Examples of research

The database will be available for research during 2016. Data will be made available by The Danish Clinical Registries (RKKP; www.rkkp.dk).

Administrative issues and funding

The database is administered by a steering committee, which comprises:

Five members of the Danish Society of Gastroenterology and Hepatology (one member from each of the five regions in Denmark)

A pediatric gastroenterologist, member of the Danish Pediatric Society

A documentarist (clinician to compose a report on the background and evidence for the indicators)

A RKKP-team (Danish Clinical Quality Databases represented by the Centre of Competence for Nationwide Clinical Registries) assigning a contact person, a data manager, an epidemiologist, and a statistician.

The members are appointed for a period of 4 years by the board of the respective societies. There is an option for one re-election.

The steering committee has no financial means of its own, but the Danish Regions’ funding for clinical quality registries has secured a grant for the establishment of the database.

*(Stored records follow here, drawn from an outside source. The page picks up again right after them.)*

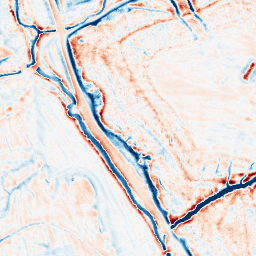
Category: edge_preserving
Decomposition family: bilateral
Decomposition parameters: d: 15
sigma_color: 150
sigma_space: 150
Upsampling method: regularized
Upsampling parameters: scale: 4
lambda_reg: 0.01
Upsampling scale: 4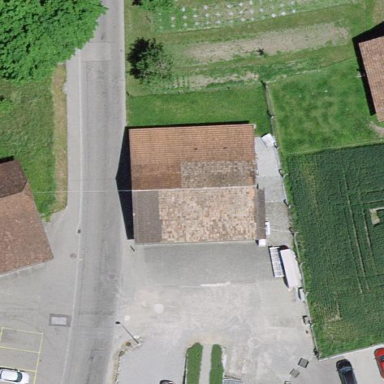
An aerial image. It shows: Garage building.

The BIO-IBD database operates under the Danish law on data protection, with license granted by the Danish Data Protection Agency and the Danish National Board of Health. Further individual patient consent or Ethical Review Board approval is not required according to Danish law when data are used to monitor, secure, and improve clinical quality.

Conclusion

Based on the indicators defined, an annual report will state the quality of biological therapy in patients with IBD treated in Denmark, both at a national and department level together with a complete overview of the data available.

In addition, results are reported on a quarterly basis to the departments to regularly review their clinical performance. The indicators will be reported as department-specific proportions with 95% confidence intervals, and the national average will be provided for comparison. For each indicator, a standard has been developed based on the available evidence.